TASK DATA Block Start

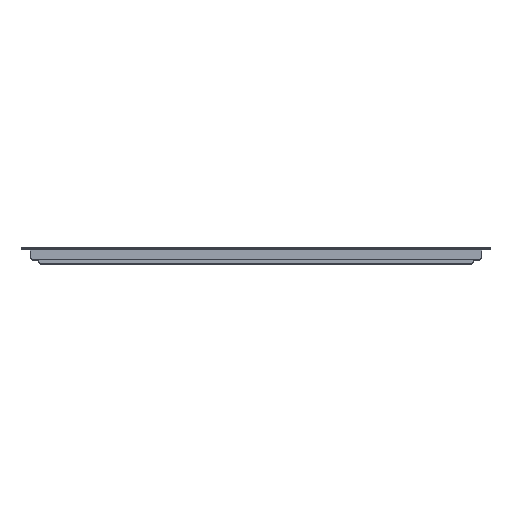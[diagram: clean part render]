
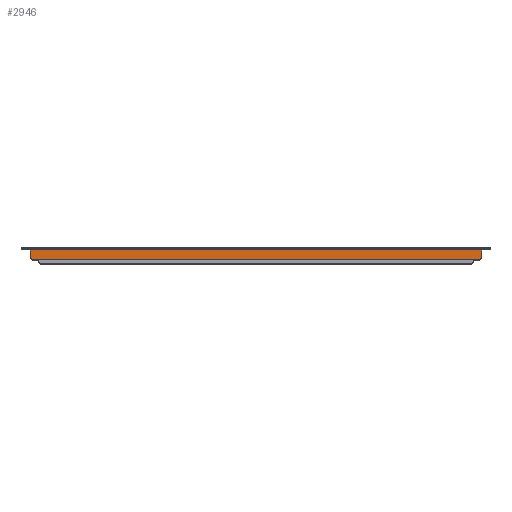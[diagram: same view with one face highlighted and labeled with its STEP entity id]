
A CAD part, top view. The second image highlights one B-rep face of the part: STEP entity #2946.
In plain terms, the highlighted planar face has unit normal (0, 0, 1).
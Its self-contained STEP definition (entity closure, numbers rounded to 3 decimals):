
#40 = CARTESIAN_POINT ( 'NONE',  ( -273.25, -15., 47.45 ) ) ;
#68 = CARTESIAN_POINT ( 'NONE',  ( -278.25, -1.5, 47.45 ) ) ;
#81 = CARTESIAN_POINT ( 'NONE',  ( -278.25, -10., 47.45 ) ) ;
#92 = AXIS2_PLACEMENT_3D ( 'NONE', #1066, #2175, #1587 ) ;
#111 = LINE ( 'NONE', #1221, #1766 ) ;
#167 = CARTESIAN_POINT ( 'NONE',  ( 278.25, -15., 47.45 ) ) ;
#238 = EDGE_CURVE ( 'NONE', #3005, #1093, #949, .T. ) ;
#270 = DIRECTION ( 'NONE',  ( 0., -1., 0. ) ) ;
#292 = EDGE_CURVE ( 'NONE', #2512, #1784, #111, .T. ) ;
#538 = CARTESIAN_POINT ( 'NONE',  ( -273.25, -10., 47.45 ) ) ;
#605 = DIRECTION ( 'NONE',  ( 0., 1., 0. ) ) ;
#823 = EDGE_CURVE ( 'NONE', #3309, #1093, #3080, .T. ) ;
#826 = ORIENTED_EDGE ( 'NONE', *, *, #292, .T. ) ;
#940 = VECTOR ( 'NONE', #1278, 1000. ) ;
#949 = LINE ( 'NONE', #2033, #2338 ) ;
#1042 = EDGE_LOOP ( 'NONE', ( #2066, #1227, #2269, #3233, #2244, #826 ) ) ;
#1066 = CARTESIAN_POINT ( 'NONE',  ( 273.25, -10., 47.45 ) ) ;
#1093 = VERTEX_POINT ( 'NONE', #40 ) ;
#1126 = DIRECTION ( 'NONE',  ( 0., 0., 1. ) ) ;
#1158 = CARTESIAN_POINT ( 'NONE',  ( 278.25, -3., 47.45 ) ) ;
#1221 = CARTESIAN_POINT ( 'NONE',  ( 0., -3., 47.45 ) ) ;
#1227 = ORIENTED_EDGE ( 'NONE', *, *, #823, .T. ) ;
#1278 = DIRECTION ( 'NONE',  ( 0., -1., 0. ) ) ;
#1396 = VECTOR ( 'NONE', #605, 1000. ) ;
#1479 = CARTESIAN_POINT ( 'NONE',  ( -278.25, -3., 47.45 ) ) ;
#1587 = DIRECTION ( 'NONE',  ( 0., -1., 0. ) ) ;
#1765 = CIRCLE ( 'NONE', #92, 5. ) ;
#1766 = VECTOR ( 'NONE', #2240, 1000. ) ;
#1784 = VERTEX_POINT ( 'NONE', #1479 ) ;
#1975 = VERTEX_POINT ( 'NONE', #2773 ) ;
#2033 = CARTESIAN_POINT ( 'NONE',  ( -278.25, -15., 47.45 ) ) ;
#2066 = ORIENTED_EDGE ( 'NONE', *, *, #3015, .F. ) ;
#2067 = DIRECTION ( 'NONE',  ( -1., 0., 0. ) ) ;
#2081 = EDGE_CURVE ( 'NONE', #3005, #1975, #1765, .T. ) ;
#2175 = DIRECTION ( 'NONE',  ( 0., 0., 1. ) ) ;
#2240 = DIRECTION ( 'NONE',  ( -1., 0., 0. ) ) ;
#2244 = ORIENTED_EDGE ( 'NONE', *, *, #3352, .F. ) ;
#2269 = ORIENTED_EDGE ( 'NONE', *, *, #238, .F. ) ;
#2338 = VECTOR ( 'NONE', #2067, 1000. ) ;
#2508 = AXIS2_PLACEMENT_3D ( 'NONE', #538, #1126, #270 ) ;
#2512 = VERTEX_POINT ( 'NONE', #1158 ) ;
#2530 = PLANE ( 'NONE',  #2651 ) ;
#2625 = LINE ( 'NONE', #167, #940 ) ;
#2651 = AXIS2_PLACEMENT_3D ( 'NONE', #2800, #3296, #3231 ) ;
#2773 = CARTESIAN_POINT ( 'NONE',  ( 278.25, -10., 47.45 ) ) ;
#2800 = CARTESIAN_POINT ( 'NONE',  ( 0., 0., 47.45 ) ) ;
#2946 = ADVANCED_FACE ( 'NONE', ( #3086 ), #2530, .T. ) ;
#3005 = VERTEX_POINT ( 'NONE', #3318 ) ;
#3015 = EDGE_CURVE ( 'NONE', #3309, #1784, #3066, .T. ) ;
#3066 = LINE ( 'NONE', #68, #1396 ) ;
#3080 = CIRCLE ( 'NONE', #2508, 5. ) ;
#3086 = FACE_OUTER_BOUND ( 'NONE', #1042, .T. ) ;
#3231 = DIRECTION ( 'NONE',  ( 0., -1., 0. ) ) ;
#3233 = ORIENTED_EDGE ( 'NONE', *, *, #2081, .T. ) ;
#3296 = DIRECTION ( 'NONE',  ( 0., 0., 1. ) ) ;
#3309 = VERTEX_POINT ( 'NONE', #81 ) ;
#3318 = CARTESIAN_POINT ( 'NONE',  ( 273.25, -15., 47.45 ) ) ;
#3352 = EDGE_CURVE ( 'NONE', #2512, #1975, #2625, .T. ) ;

TASK DATA Block End

• [WHAT IS EXPECTED]:
Pictures do not belong in the copy. Repeat only the lines from the top of the records through the line containing "A CAD part, top".

• [TASK OUTPUT]:
[diagram: clean part render]
[diagram: same view with one face highlighted and labeled with its STEP entity id]
A CAD part, top view. The second image highlights one B-rep face of the part: STEP entity #2946.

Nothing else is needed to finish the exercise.